He shrugged. “You didn’t forgive me for three days. But by the end of the week, you were sneaking into the stables to feed them duskberries and braid their mane-spikes.”

I looked back at the nicta, who was now watching me with a kind of bored patience. The idea that I’d ever touched one—let alone befriended one—felt impossible. But under the layers of fear and uncertainty, something stirred. Some deeper knowing.

“I taught you how to ride them,” Mallack added softly. “And you taught them how to fall in love with a human.”

Without another word, he helped me up gently, as if he still didn’t trust himself to touch me too long. Before I had enough time to be scared, he swung himself up behind me. His arms reached around me, creating a tremble that ran under my skin where he brushed. He took the reins and waved one hand into the air, "Me voll!—we ride." At his words, the nicta began its laborious walk, followed by a countless number of dragoons and servants.

I adjusted my new scarf over my head and watched the city fall away behind us, the towers of Ackaron shrinking into haze. We rode east, toward a past I didn’t remember, and a future neither of us could name. But for now, it was enough to let the wind carry me forward, and to know he would not let me fall.

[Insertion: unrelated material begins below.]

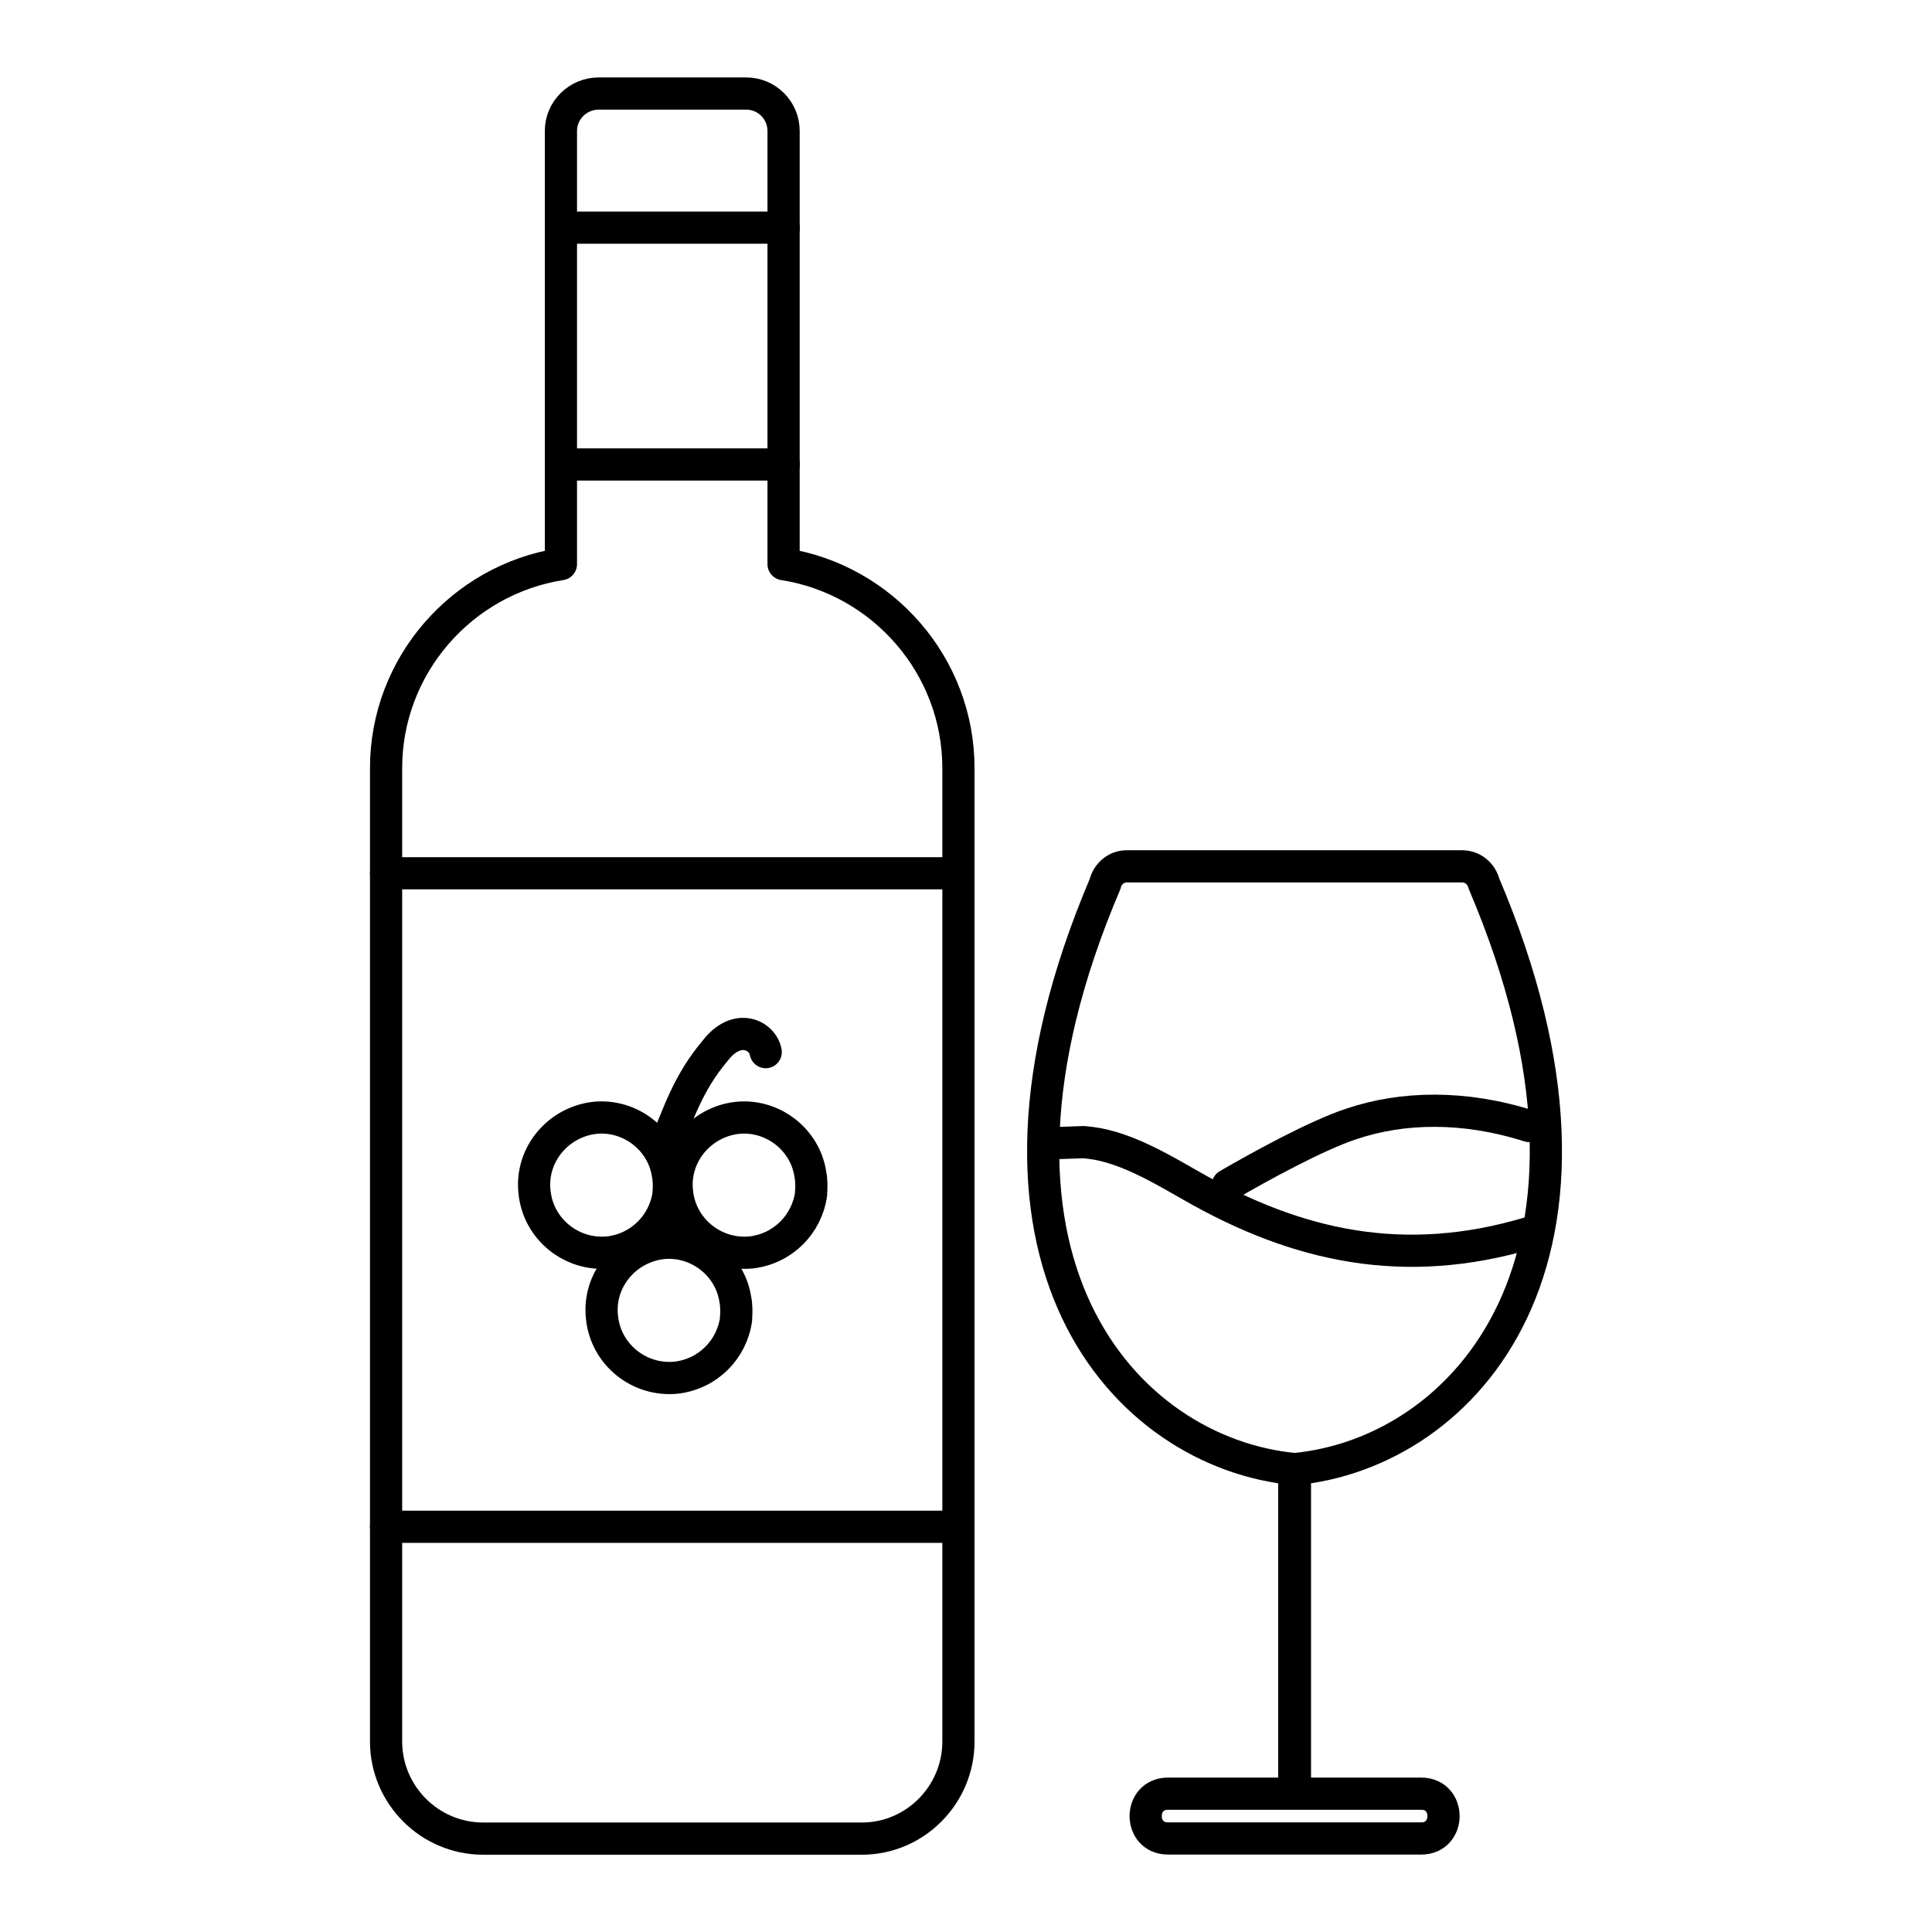 <?xml version="1.0" encoding="UTF-8"?> <svg xmlns="http://www.w3.org/2000/svg" id="Layer_1" viewBox="0 0 1200 1200"><defs><style> .cls-1 { fill: none; stroke: #000; stroke-linecap: round; stroke-linejoin: round; stroke-width: 20px; } </style></defs><g id="Layer_1-2" data-name="Layer_1"><path class="cls-1" d="M371.8,58.1h91.7c12.8,0,23.2,10.4,23.2,23.2v269.1c61.4,9.6,108.6,62.9,108.6,126.7v604.6c0,33.1-26.9,60.3-60,60.3h-235.2c-33.3,0-60.3-27.2-60.3-60.3V477.1c0-63.8,47.2-117.1,108.6-126.7V81.3c0-12.8,10.6-23.2,23.4-23.2h0Z"></path><path class="cls-1" d="M686.5,548.8c-99.2,232.8,12.2,353.9,117.8,363.7v201.6h-78.9c-18.4,0-18.4,27.8,0,27.8h157.4c18.4,0,18.4-27.8,0-27.8h-78.9v-201.6c105.6-9.8,216.8-130.9,117.8-363.7-1.6-6.1-6.9-10.7-13.6-10.7h-208.3c-6.4,0-11.7,4.5-13.4,10.7h.1Z"></path><path class="cls-1" d="M653.2,710.1l20-.7c5.3.5,10.6,1.3,16,2.9,17.9,5.1,34.4,14.9,50.4,24,66.4,38.2,132.9,52.5,210.2,29.5"></path><line class="cls-1" x1="595.3" y1="542.4" x2="239.8" y2="542.4"></line><line class="cls-1" x1="595.3" y1="948.3" x2="239.8" y2="948.3"></line><line class="cls-1" x1="486.8" y1="288.5" x2="348.4" y2="288.5"></line><line class="cls-1" x1="486.8" y1="141.4" x2="348.4" y2="141.4"></line><path class="cls-1" d="M475.6,653.5c-1.7-10.2-17.5-18.8-31.3-1-17.3,20.6-22.5,38.8-31.3,59.3"></path><path class="cls-1" d="M415.3,741.5c-2.6,18.9-17.5,34.1-37.2,36.4-23,2.3-43.8-14.4-46.1-37.5-2.6-23,14.5-43.5,37.5-46.1,21.9-2.2,42,13.4,45.3,34.9.8,3.7.8,8.9.4,12.3h.1Z"></path><path class="cls-1" d="M503.8,741.5c-2.6,18.9-17.5,34.1-37.2,36.4-23,2.3-43.8-14.4-46.1-37.5-2.6-23,14.5-43.5,37.5-46.1,21.9-2.2,42,13.4,45.3,34.9.8,3.7.8,8.9.4,12.3h.1Z"></path><path class="cls-1" d="M457.2,819.3c-2.6,18.9-17.5,34.1-37.2,36.4-23,2.3-43.8-14.4-46.1-37.5-2.6-23,14.5-43.5,37.5-46.1,21.9-2.2,42,13.4,45.3,34.9.8,3.7.8,8.9.4,12.3h.1Z"></path><path class="cls-1" d="M949.8,699.4c-40.6-12.9-78.8-12-110.5-1.3-21.8,7.2-56.9,26.5-76.7,38"></path></g></svg>

It had been late afternoon when we arrived at Ackaron. Now the sky hung heavy with low clouds, thick with the kind of light that promised rain or silence, but never both. The harbor gates hissed closed behind us, and for a moment, I considered turning around and finding a place to rest. Just for tonight. The rooms were adequate here, the city was more or less safe, and Daphne… had just… what? Woken from the dead? It would’ve made sense.

But I couldn’t do it.

That same current that had dragged me to Ackaron and then Hoerst a few days ago was stirring again. Low and steady in my gut. It wasn't quite panic; it was more instinct or some kind of pressure. Like something was waiting for us in Bantahar, and every moment I delayed tightened the coil.

I looked at her. She was watching a merchant roll up a tapestry, eyes wide with a curiosity she didn’t even realize she had. Herscarf had slipped back slightly, letting the late sun brush her temple. She caught me staring and raised a brow.

“You’re doing it again,” she said. “That silent, brooding thing.”

“I’m always brooding,” I replied.

“You weren’t when you bought me this scarf.”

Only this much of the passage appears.